In this incredible new series, bestselling author Ann M. Martin brings the past and the present together one girlhood at a time and shows readers the way a family grows.

Overall Rating: 4 out of 5

This is an incredibly cute historical fiction about a girl growing up in the 1930s and facing the challenges that life brings. While it has a strong optimistic, hopeful streak, it doesn’t shy away from the harsh reality of what life was like during this era: illness, poverty, etc. The novel follows Abby’s life from a young child to a burgeoning adult, giving a comprehensive look at her coming of age and allowing the reader to become good friends with her.

The fact that Ann M. Martin draws from her personal family history and includes tidbits about her grandmother’s life really adds to the story — it gives it a Laura Ingalls feel in that seems so real and true to the time period. Her strength anyway is creating such loveable, wonderful characters that you just immediately relate to, and that holds true with this series.

The story itself is told in brief intervals, hitting on important moments in Abby’s life, and then moving forward in time to hit on other important moments in the future. Because of this, the story doesn’t drag, even though it’s told as sort of a quiet reflection and has very little action. The pacing is actually quite perfect; I felt like I got just enough of everything and was sufficiently connected to the characters and motivated to read more.

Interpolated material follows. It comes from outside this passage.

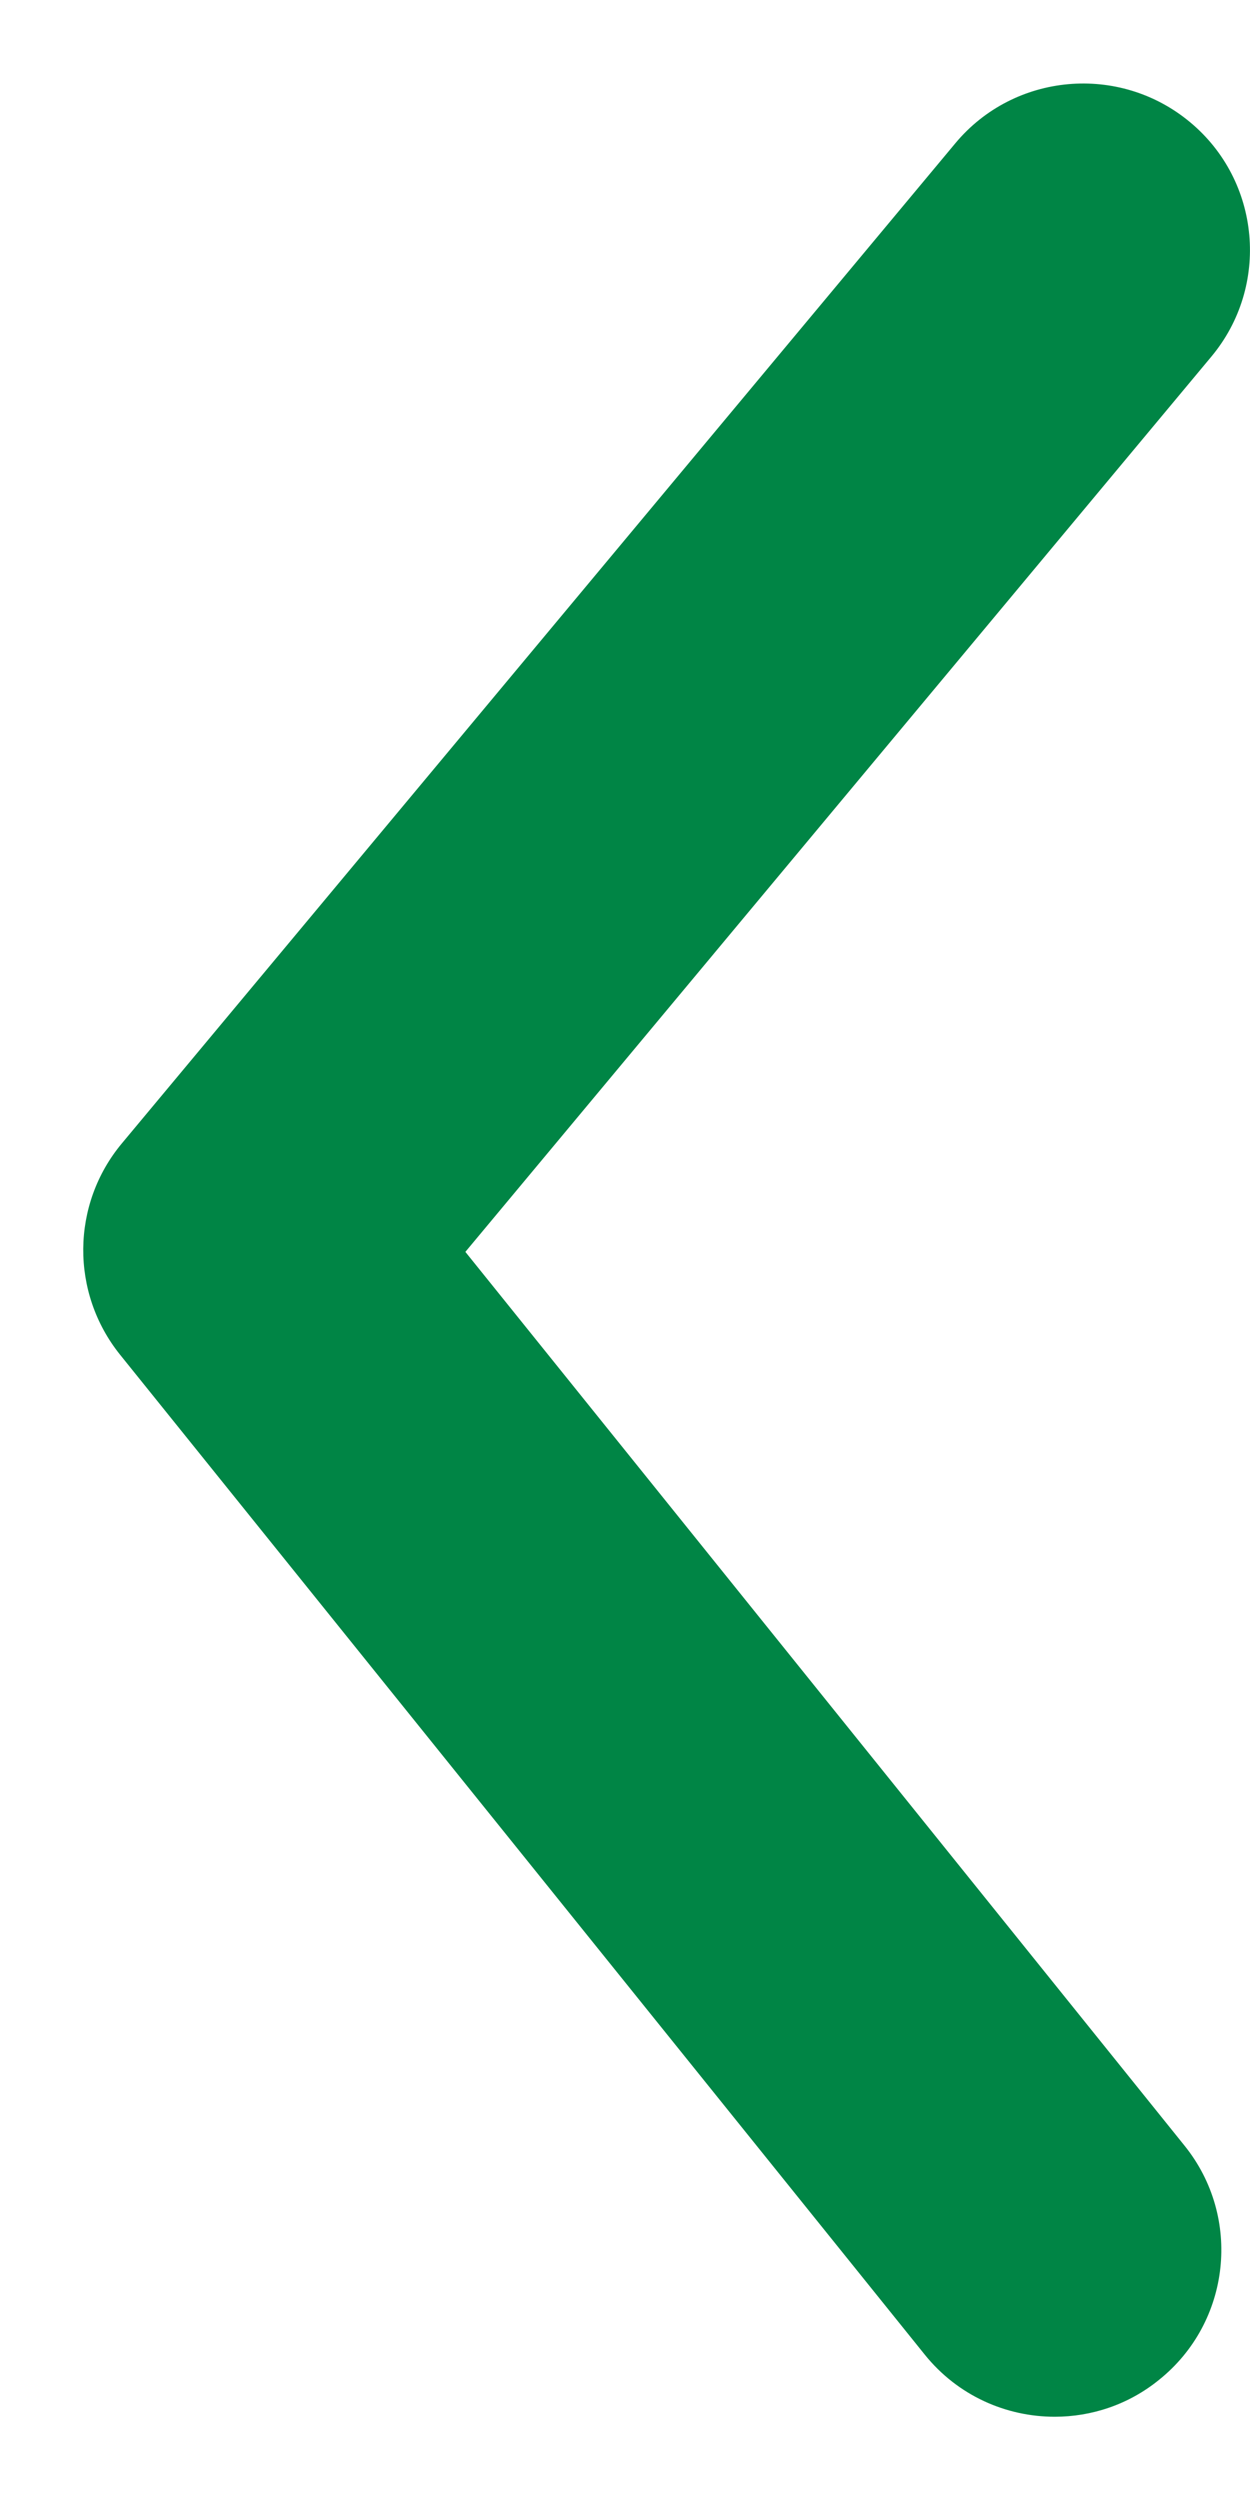 <svg width="10" height="20" viewBox="0 0 10 20" fill="none" xmlns="http://www.w3.org/2000/svg">
<path fill-rule="evenodd" clip-rule="evenodd" d="M8.438 19.334C8.048 19.334 7.662 19.165 7.398 18.837L0.96 10.837C0.563 10.342 0.568 9.635 0.975 9.147L7.642 1.147C8.112 0.582 8.954 0.506 9.52 0.977C10.086 1.447 10.162 2.289 9.69 2.854L3.723 10.015L9.476 17.165C9.938 17.738 9.847 18.578 9.272 19.039C9.027 19.238 8.731 19.334 8.438 19.334Z" fill="#008545"/>
</svg>

I picked this up because I was interested to see how Ann M. Martin’s writing would be outside of the Babysitter’s Club books, and I couldn’t have been more pleased. My verdict is that it’s just as readable and has just as amazing characters to love. I highly recommend this for Martin fans and for younger readers who might have an interest in historical fiction. Definitely pick it up if your children are American Girl or Laura Ingalls fans — it’s right up that alley.